Within days, two of the Times most high-profile opinion writers -- one decidedly liberal, and one equally identifiable as a conservative on the Israeli-Palestinian conflict, published columns that pretty much agreed with that first analysis I cited just above.
Why am I focusing on the Times? Because, love it or hate it, the organization that proclaims itself the newspaper of record remains, in my opinion, the industry’s gold standard when it comes to dictating what news is worth knowing. What the Times says guides others.
In short, I think the Times’ influence went a long way toward mainstreaming the calculation that the Palestinian cause has lost the power to incite it once had in the Arab and Muslim worlds. Not with ISIS, even in its weakened state; and not with Syria and Iraq, not with the agony of Yemen, and certainly not with the escalating Saudi-Iran, Sunni-Shiite competition, not with everything else that's been unleashed since 2011.

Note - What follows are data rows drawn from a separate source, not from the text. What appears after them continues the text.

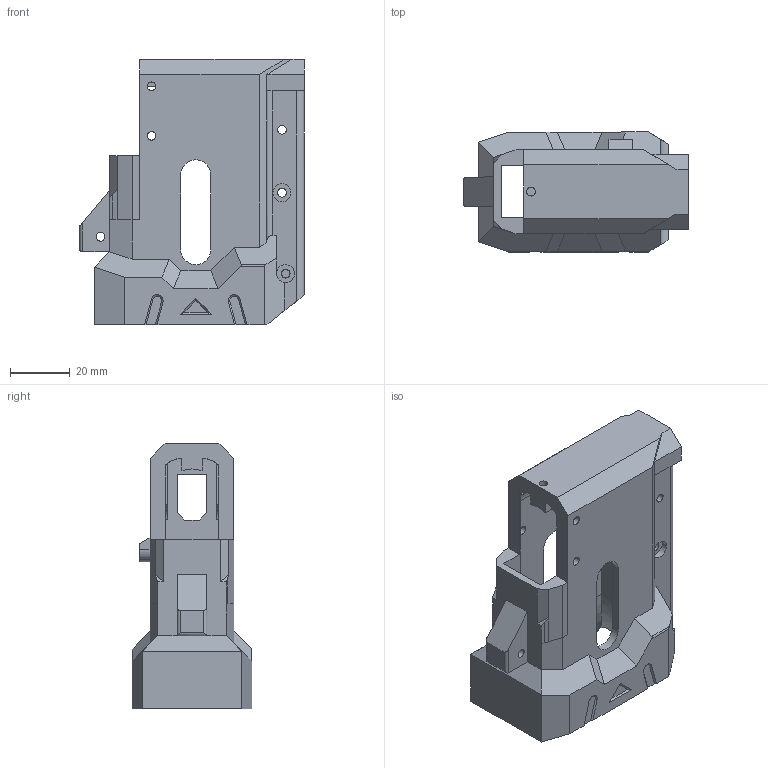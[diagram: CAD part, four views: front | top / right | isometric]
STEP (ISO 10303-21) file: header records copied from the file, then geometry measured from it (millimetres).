
FILE_DESCRIPTION(/* description */ (''),/* implementation_level */ '2;1');
FILE_NAME(/* name */ 'shirdalmagwellsep v14.step',/* time_stamp */ '2022-11-20T15:00:29-05:00',/* author */ (''),/* organization */ (''),/* preprocessor_version */ 'ST-DEVELOPER v19.2',/* originating_system */ 'Autodesk Translation Framework v11.17.0.187',/* authorisation */ '');
FILE_SCHEMA (('AUTOMOTIVE_DESIGN { 1 0 10303 214 3 1 1 }'));
Length unit declared in the file: millimetre
Products named in the file (3): shirdalmagwellsep; shirdalfwconly v5; shirdalmagwellonly v8
Assembly tree (2 placements, depth 2):
  shirdalmagwellsep
    shirdalfwconly v5
    shirdalmagwellonly v8
Bounding box: 75 x 40 x 88.5 mm (x, y, z)
Volume: 64656.6 mm3; surface area: 30838.7 mm2
Topology: 1 solids, 1 shells, 196 faces, 558 edges, 363 vertices
Faces by surface type: plane 143, cylinder 47, cone 4, torus 2
Full cylindrical faces by diameter (mm): 2.8 x1, 2.9 x12, 6 x3
Entity records: 6828 total; most frequent: CARTESIAN_POINT 1322, ORIENTED_EDGE 1116, DIRECTION 1053, EDGE_CURVE 558, LINE 445, VECTOR 445, VERTEX_POINT 363, AXIS2_PLACEMENT_3D 304

Moreover, reads this consensus, average Palestinians -- as opposed to the minority of hard-boiled activists and their entrenched political leaders -- are simply too tired and too demoralized to engage in yet another round of violence. Historically, violence has cost them far more than they gain, which is generally limited to some additional foreign aid and meaningless United Nations proclamations.
What they really want -- again, according to this view -- is jobs and economic growth, and perhaps above all a period of calm, none of which they gain by going to war again.
Yes, more violence -- perhaps even a major Palestinian terror attack in Jerusalem -- may ensue.
Yes, the Arab world has issued its pro-forma condemnations.
Yes, the United Nations and the Christian churches with members in the Arab world have condemned Trump’s move.
Yes, his announcement further dimmed Palestinian aspirations and cemented the link between Trump and Israel’s right-wing government led by Prime Minister Benjamin Netanyahu.
But none of this is strikingly unique or truly game-altering. All this has, since Trump’s White House ascendancy and even longer, been part of the current Middle East reality. Much of it is merely part of the conflict’s unyielding cycle.
Hamas may fume, Turkey may threaten to sever diplomatic relations with Israel yet again, nations such as Malaysia may bluster that its military is prepared to fight on behalf of Palestinian claims.
But the bottom line is that despite Trump’s bewildering stabs at redirecting American policy, much of the Arab and Muslim world still depends greatly on the U.S. military shield. And despite their pro forma official statements of anger, key Arab states such as Saudi Arabia, Egypt and Jordan are today more aligned then ever with Israel, in large measure because they share intelligence with the Jewish state in their joint battle against Islamic terrorists who kill far more Muslims than they do Jews or Christians.
Lastly, these same Arab states have become more concerned with keeping Shiite Iran in check than they are with the woes of their fellow Sunni Palestinians.
Do I think Trump acted primarily out of his desire to reward his political base; white, conservative evangelicals and some big-donor conservative American Jews? Yes, I do.
Do I think he should have acted more diplomatically and provided Palestinians with some hope that some day, some part of predominantly Arab East Jerusalem might still become the capital of their wished-for independent nation. Yes, I do, but diplomacy isn't exactly his strong suit.
Do I think that the entire sequence of events was one more Trump White House ploy to shift focus away from the Russia campaign collusion investigation? Yes, I think that's certainly possible. But who can say for sure.
In the meantime, let me again suggest that the wealth of journalistic analysis and opinion pieces we’re seeing are your best hope for connecting the dots. Read those you think are the most informed and read those you think are off the wall.
The deeper story likely falls somewhere in between.